Indeed, that assumption has produced bad science, Johnson argues. It forces biologists to accept even weak theories so long as they are naturalistic. Darwinism itself is the prime example. Observational evidence cited for Darwinism consists of minor variations, akin to those routinely produced by farmers and breeders. For example, in a New York Times article, Jonathan Weiner describes a study of Darwin's famous finches: The finches' beaks grew larger in dry seasons, when the seeds they eat were tough and hard, but grew smaller again after a rainy season, when tiny seeds became available once more. This is evolution happening "before [our] very eyes," Weiner writes.
But as Johnson points out, it is precisely the opposite. The change in finch beaks, he argues, is a minor, cyclical fluctuation that allows the finches to adapt and survive. Translation: It's a small adjustment that allow finches to stay finches. It does not demonstrate that finches are evolving into another kind of bird, nor that they evolved originally from another kind of organism. It's odd that a mechanism permitting an organism's major features to remain unchanged should be cited as evidence for a theory of limitless change.

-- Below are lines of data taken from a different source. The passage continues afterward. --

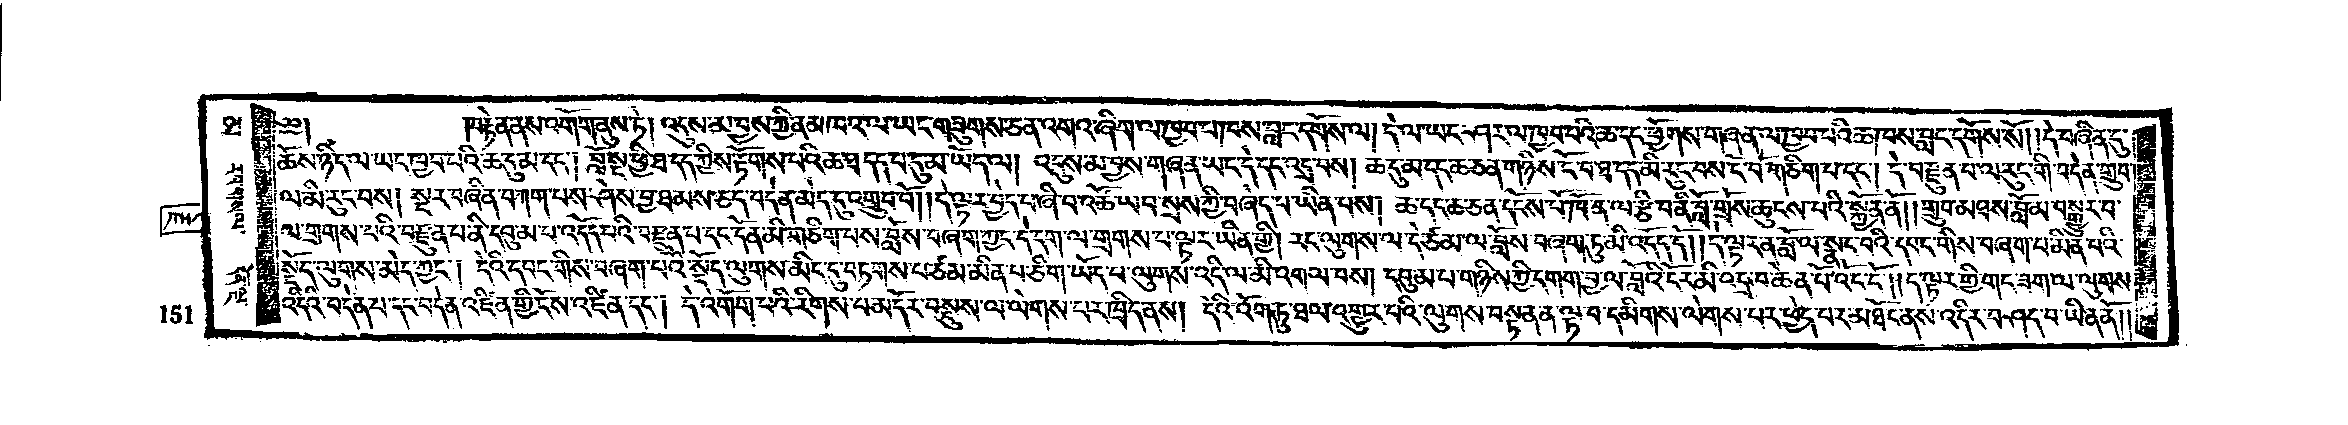༄༅། །བརྟེན་ནས་འགོག་ནུས་ཏེ། འདུས་མ་བྱས་ཀྱི་ནམ་མཁའ་ལ་ཡང་གཟུགས་ཅན་འགའ་ཞིག་ལ་ཁྱབ་པ་ཁས་བླང་དགོས་ལ། དེ་ལ་ཡང་ཤར་ལ་ཁྱབ་པའི་ཆ་དང་ཕྱོགས་གཞན་ལ་ཁྱབ་པའི་ཆ་ཁས་བླང་དགོས་སོ། །དེ་བཞིན་དུ་
ཆོས་ཉིད་ལ་ཡང་ཁྱབ་པའི་ཆ་དུ་མ་དང་། བློ་སྔ་ཕྱི་ཐ་དད་ཀྱིས་རྟོགས་པའི་ཆ་ཐ་དད་པ་དུ་མ་ཡོད་ལ། འདུས་མ་བྱས་གཞན་ཡང་དེ་དང་འདྲ་བས། ཆ་དུ་མ་དང་ཆ་ཅན་གཉིས་ངོ་བོ་ཐ་དད་མི་རུང་བས་ངོ་བོ་གཅིག་པ་དང་། དེ་བརྫུན་པ་ལ་རུང་གི་བདེན་གྲུབ་
ལ་མི་རུང་བས། སྔར་བཞིན་བཀག་པས་ཤེས་བྱ་ཐམས་ཅད་བདེན་མེད་དུ་འགྲུབ་བོ། །དེ་ལྟར་བྱེད་པ་ཞི་བ་འཚོ་ཡབ་སྲས་ཀྱི་བཞེད་པ་ཡིན་པས། ཆ་དང་ཆ་ཅན་དངོས་པོ་ཁོ་ན་ལ་རྩི་བ་ནི་བློ་གྲོས་ཆུངས་པའི་སྐྱོན་ནོ། །གྲུབ་མཐས་བློ་མ་བསྒྱུར་བ་
ལ་གྲགས་པའི་བརྫུན་པ་ནི་དབུ་མ་པ་འདོད་པའི་བརྫུན་པ་དང་དོན་མི་གཅིག་པས་བློས་བཞག་ཀྱང་དེ་དག་ལ་གྲགས་པ་ལྟར་ཡིན་གྱི། རང་ལུགས་ལ་དེ་ཙམ་ལ་བློས་བཞག་ཏུ་མི་འདོད་དོ། །དེ་ལྟར་ན་བློ་ལ་སྣང་བའི་དབང་གིས་བཞག་པ་མིན་པའི་
སྡོད་ལུགས་མེད་ཀྱང་། དེའི་དབང་གིས་བཞག་པའི་སྡོད་ལུགས་མིང་དུ་བཏགས་པ་ཙམ་མིན་པ་ཅིག་ཡོད་པ་ལུགས་འདི་ལ་མི་འགལ་བས། དབུ་མ་པ་གཉིས་ཀྱི་དགག་བྱ་ལ་བློའི་ངོར་མི་འདྲ་བ་ཆེན་པོ་འོང་ངོ། །དེ་ལྟར་གྱི་གང་ཟག་ལ་ལུགས་
འདིའི་བདེན་པ་དང་བདེན་འཛིན་གྱི་ངོས་འཛིན་དང་། དེ་འགོག་པའི་རིགས་པ་མདོར་བསྡུས་ལ་ལེགས་པར་ཁྲིད་ནས། དེའི་འོག་ཏུ་ཐལ་འགྱུར་བའི་ལུགས་བསྟན་ན་ལྟ་བ་དམིགས་ལེགས་པར་ཕྱེད་པར་མཐོང་ནས་འདིར་བཤད་པ་ཡིན་ནོ། །

Moreover, the naturalistic assumption compels biologists to ignore the overwhelming evidence for purpose and design that can be read right off the face of nature. It seems intuitively obvious that eyes are designed for seeing, ears for hearing, and fins for swimming. Even dyed-in-the- wool atheists such as Dawkins acknowledge the prima facie evidence of purpose: his definition of biology is "the study of complicated things that give the appearance of having been designed for a purpose." The goal of Darwinism is to demonstrate that, contrary to appearances, these complicated things are really the product of random changes and natural laws.

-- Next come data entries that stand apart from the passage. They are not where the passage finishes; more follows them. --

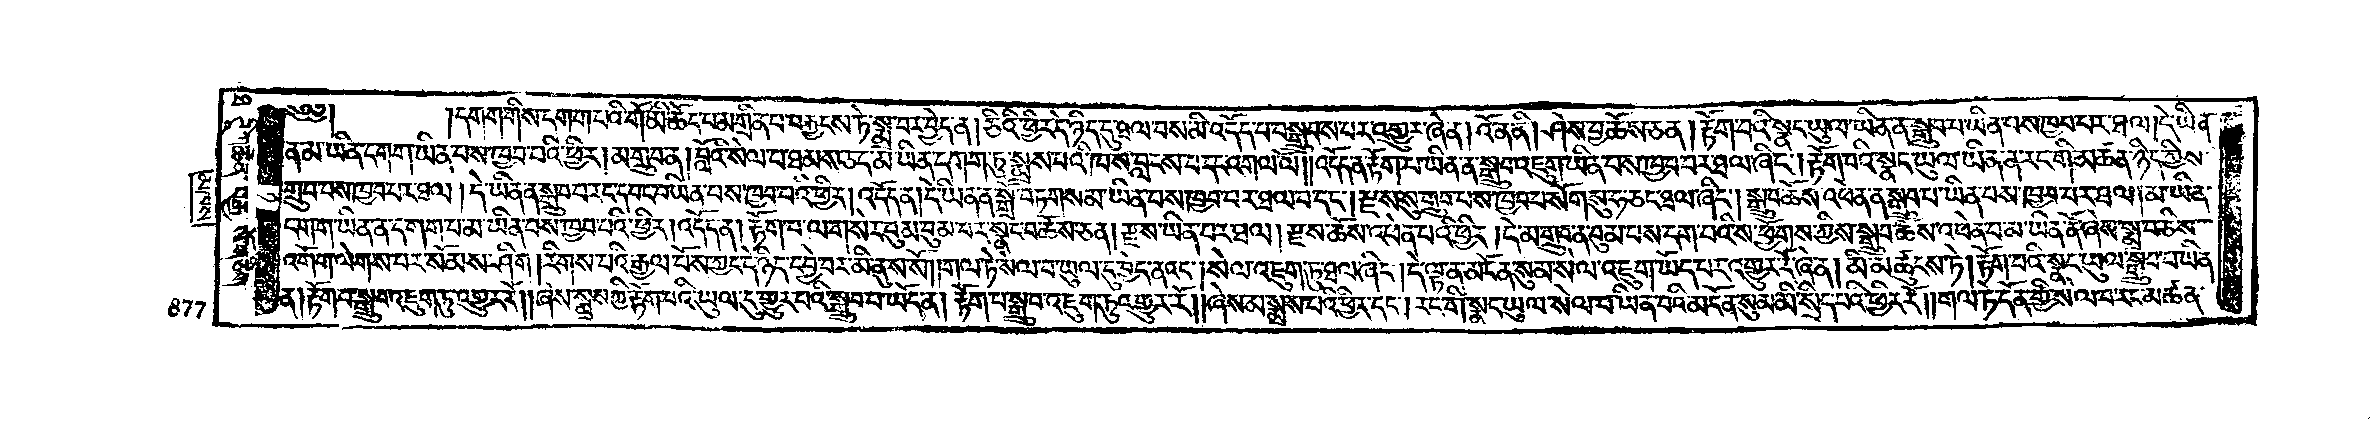༄༅། །དགག་གིས་དགག་པའི་གོ་མི་ཆོད་པ་མགྲིན་པ་བརྐྱངས་ཏེ་སྨྲ་བར་བྱེད་ན། ཅིའི་ཕྱིར་དེ་ཉིད་དུ་ཐལ་བས་མི་འདོད་པ་བསྒྲུབས་པར་འགྱུར་ཞེ་ན། འོ་ན་ནི། ཤེས་བྱ་ཆོས་ཅན། རྟོག་པའི་སྣང་ཡུལ་ཡིན་ན་སྒྲུབ་པ་ཡིན་པས་ཁྱབ་པར་ཐལ། དེ་ཡིན་
ན་མ་ཡིན་དགག་ཡིན་པས་ཁྱབ་པའི་ཕྱིར། མ་གྲུབ་ན། བློའི་སེལ་བ་ཐམས་ཅད་མ་ཡིན་དགག་ཏུ་སྨྲས་པའི་ཁས་བླངས་པ་དང་འགལ་ལོ། །འདོད་ན་རྟོག་པ་ཡིན་ན་སྒྲུབ་འཇུག་ཡིན་པས་ཁྱབ་པར་ཐལ་ཞིང་། རྟོག་པའི་སྣང་ཡུལ་ཡིན་ན་རང་གི་མཚན་ཉིད་ཀྱིས་
གྲུབ་པས་ཁྱབ་པར་ཐལ། དེ་ཡིན་ན་སྒྲུབ་པ་རང་དབང་བ་ཡིན་པས་ཁྱབ་པའི་ཕྱིར། འདོད་ན། དེ་ཡིན་ན་སྒྲོ་བཏགས་མ་ཡིན་པས་ཁྱབ་པར་ཐལ་བ་དང་། རྫས་སུ་གྲུབ་པས་ཁྱབ་པ་སོགས་སུ་ཧ་ཅང་ཐལ་ཞིང་། སྒྲུབ་ཆོས་འཕེན་ན་སྒྲུབ་པ་ཡིན་པས་ཁྱབ་པར་ཐལ། མ་ཡིན་
དགག་ཡིན་ན་དགག་པ་མ་ཡིན་པས་ཁྱབ་པའི་ཕྱིར། འདོད་ན། རྟོག་པ་ལ་གསེར་བུམ་བུམ་པར་སྣང་བ་ཆོས་ཅན། རྫས་ཡིན་པར་ཐལ། རྫས་ཆོས་འཕེན་པའི་ཕྱིར། དེ་མ་གྲུབ་ན་བུམ་པས་དག་པའི་ས་ཕྱོགས་ཀྱིས་སྒྲུབ་ཆོས་འཕེན་པ་མ་ཡིན་ནོ་ཞེས་སྨྲ་བ་ཅིས་
འགོག་ལེགས་པར་སོམས་ཤིག། རིགས་པའི་རྒྱལ་པོས་ཀྱང་དེ་ཉིད་དབེ་བར་མི་ནུས་སོ། །གལ་ཏེ་སེལ་བ་ཡུལ་དུ་བྱེད་ནའང་། སེལ་འཇུག་ཏུ་ཐལ་ཞིང་། དེ་ལྟ་ན་མངོན་སུམ་སེལ་འཇུག་ཡོད་པར་འགྱུར་རོ་ཞེ་
ན༑ རྟོག་པ་སྒྲུབ་འཇུག་ཏུ་འགྱུར་རོ། །ཞེས་སྨྲས་ཀྱི་རྟོག་པའི་ཡུལ་དུ་གྱུར་པའི་སྒྲུབ་པ་ཡོད་ན། རྟོག་པ་སྒྲུབ་འཇུག་ཏུ་འགྱུར་རོ། །ཞེས་མ་སྨྲས་པའི་ཕྱིར་དང་། རང་གི་སྣང་ཡུལ་སེལ་བ་ཡིན་པའི་མངོན་སུམ་མི་སྲིད་པའི་ཕྱིར་རོ། །གལ་ཏེ་དོན་གྱི་སེལ་བ་རང་མཚན་

But a century and a half after Darwin, that goal has not been reached. (The scientific failures of Darwinism are discussed at length in Johnson's first book, Darwin on Trial, and outlined only briefly here.) The meager factual basis for Darwinism makes plausible Johnson's thesis that the major reason for the theory's dominance is not science but philosophy: It reassures secularists that they don't have to worry about a Creator.

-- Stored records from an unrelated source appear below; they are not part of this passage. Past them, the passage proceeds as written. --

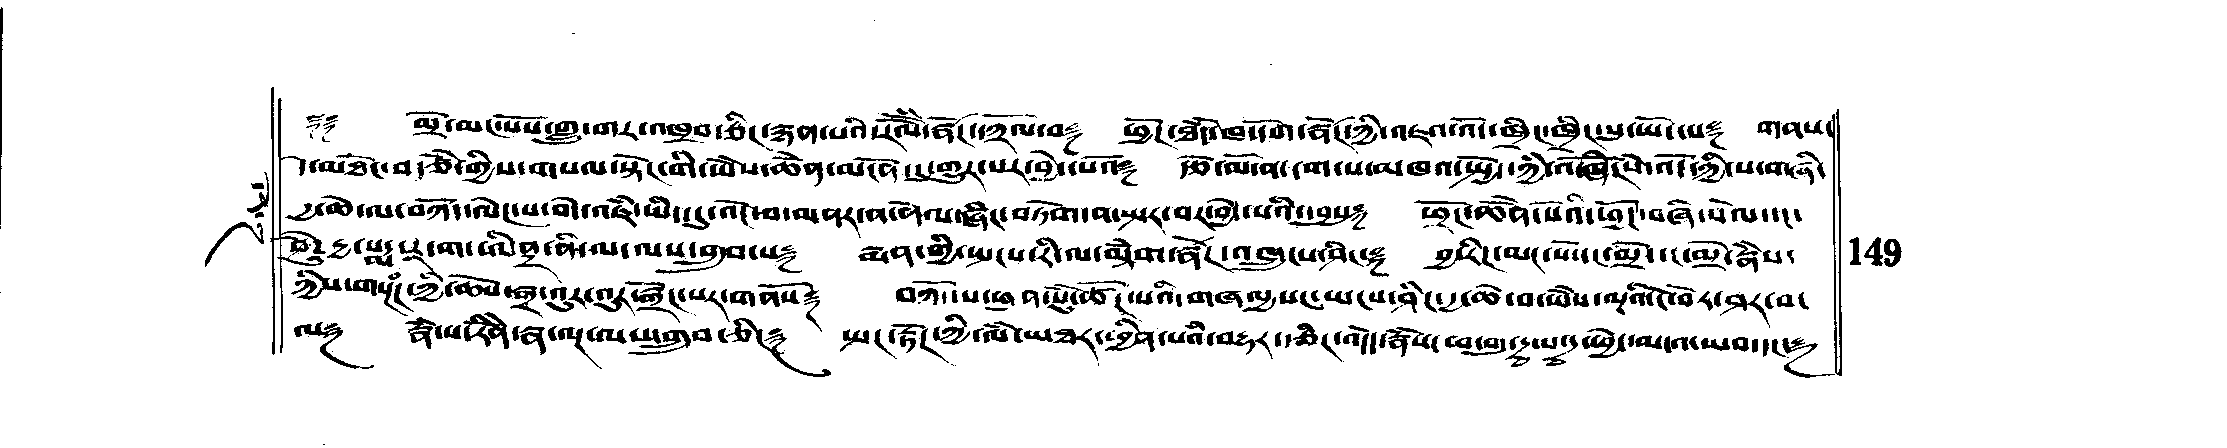མཁའ་འགྲོ་མང་པོས་གླུ་གར་འཁྲབ་ཅིང་སྙན་པའི་རོལ་མོ་སྣ་ཚོགས་དཀྲོལ་བ། ཕྱོགས་ཐམས་ཅད་ཁ་དོག་སྣ་ཚོགས་ཀྱི་འཇའ་འོད་ཁྲིགས་ཁྲིགས་སུ་ཡོད་པ། གནས་
དེ་མཐོང་བ་ཙམ་གྱིས་གསལ་སྟོང་གི་ཡེ་ཤེས་ཆེན་པོ་མངོན་དུ་གྱུར་པར་བྱེད་པའོ།རྩེ་མོ་ན་དག་པ་མཁའ་སྤྱོད་ཀྱི་ཞིང་ཁམས་འོད་ཀྱི་ས་གཞི་
རྒྱ་ཆེ་ལ་བཀོད་ལེགས་པ་བདེ་འཇམ་ཡིད་དུ་འོང་བ་མནར་ན་ནེམ་ཞིང་བཏེགས་ན་སྤར་བར་བྱེད་པའི་དབུས་སུ། ཕོ་བྲང་ཆེན་པོའི་ཕྱོགས་བཞི་གསེར་དང་
བཻཌཱུརྻ་པདྨ་རཱ་ག་ཨིནྡྲ་ནི་ལ་ལས་གྲུབ་པ། སྨན་གྱི་སྤངས་རི་ལ་མེ་ཏོག་སྣ་ཚོགས་འཁྲུངས་ཤིང་། བྱ་རིགས་མང་པོ་དང་མཁའ་འགྲོ་དང་མཁའ་འགྲོ་མ་རྣམས་
ཀྱིས་གསང་སྔགས་ཀྱི་ཆོས་སྒྲ་འུར་འུར་སྒྲོག་པར་གནས་སོ། བཀོད་པ་ཕུན་སུམ་ཚོགས་པའི་གཞལ་ཡས་ཁང་ཡངས་ཤིང་རྒྱ་ཆེ་བ་ཡེ་ཤེས་ལྔའི་ངོ་བོར་ཤར་བ་
ལ། རྣམ་པ་རིན་པོ་ཆེ་སྣ་ལྔ་ལས་གྲུབ་ཅིང་། སྤངས་རྟོགས་ཀྱི་ལམ་མཐར་ཕྱིན་པའི་བརྡར་རྩིགས་པ་འདོད་སྣམ་ཕ་གུ་དྲྭ་བ་དྲྭ་ཕྱེད་མདའ་ཡབ་དང་།

In making his case, Johnson adopts a somewhat episodic approach, jumping from theoretical arguments to current issues to practical strategies for advancing a theistic point of view. (Don't say you want to introduce a new subject-religion-into the school curriculum, Johnson advises. Instead, say you want to offer a Christian viewpoint on an existing subject, such as science or sex education. "Viewpoint discrimination" has been ruled unconstitutional.) The current issues Johnson analyzes will be familiar to readers who follow cultural controversies closely, yet all will benefit from the book's clarity as it hammers away at the central point: Once you admit Darwinian evolution, God becomes a fiction, and everything else in postmodern culture flows from that. Secularists may be friendly toward religion, viewing it as harmless and even morally uplifting, or they may be hostile. But when the chips are down, they see religion as a fantasy, and the sooner believers grasp that, the sooner we will be able to counter what Johnson calls "the subtext of contempt" running through so many public debates today.